Only one stretch of the listing below is wanted. Give it again exactly, from the line with "Vraag: Op welk" through the line with "Antwoord: Bestuursrecht; Socialezekerheidsrecht".

**Input data**
● ● ● ●

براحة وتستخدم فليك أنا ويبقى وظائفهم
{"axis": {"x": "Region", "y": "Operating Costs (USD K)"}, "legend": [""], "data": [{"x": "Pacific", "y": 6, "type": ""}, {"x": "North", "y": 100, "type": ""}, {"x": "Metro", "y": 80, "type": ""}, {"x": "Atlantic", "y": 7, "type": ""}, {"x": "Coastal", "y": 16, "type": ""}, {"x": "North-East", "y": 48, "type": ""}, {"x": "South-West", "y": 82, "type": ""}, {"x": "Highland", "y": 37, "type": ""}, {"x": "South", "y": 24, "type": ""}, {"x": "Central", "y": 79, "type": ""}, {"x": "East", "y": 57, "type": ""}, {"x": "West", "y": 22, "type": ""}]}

● ● ● ●

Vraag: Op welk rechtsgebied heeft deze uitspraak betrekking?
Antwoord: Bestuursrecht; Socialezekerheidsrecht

● ● ● ●

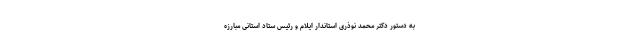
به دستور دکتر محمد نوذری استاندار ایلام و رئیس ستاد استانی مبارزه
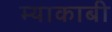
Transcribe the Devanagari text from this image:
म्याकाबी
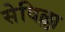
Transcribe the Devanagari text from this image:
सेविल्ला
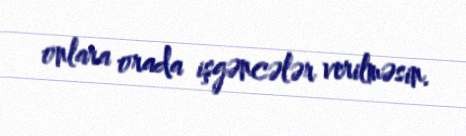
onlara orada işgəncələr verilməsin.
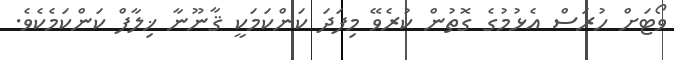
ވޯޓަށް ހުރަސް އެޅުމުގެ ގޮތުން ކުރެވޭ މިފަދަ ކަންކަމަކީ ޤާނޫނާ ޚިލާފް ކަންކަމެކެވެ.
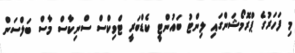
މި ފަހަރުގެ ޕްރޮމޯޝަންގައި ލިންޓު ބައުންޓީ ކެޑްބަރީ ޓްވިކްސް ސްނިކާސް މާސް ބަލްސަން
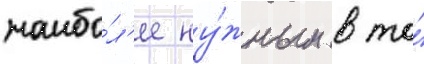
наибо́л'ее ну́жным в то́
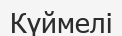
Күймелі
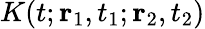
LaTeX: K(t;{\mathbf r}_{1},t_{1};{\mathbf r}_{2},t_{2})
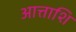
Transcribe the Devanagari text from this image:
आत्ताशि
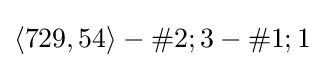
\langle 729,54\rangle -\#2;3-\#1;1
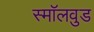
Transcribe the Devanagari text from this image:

● ● ● ●

**Response area**
Vraag: Op welk rechtsgebied heeft deze uitspraak betrekking?
Antwoord: Bestuursrecht; Socialezekerheidsrecht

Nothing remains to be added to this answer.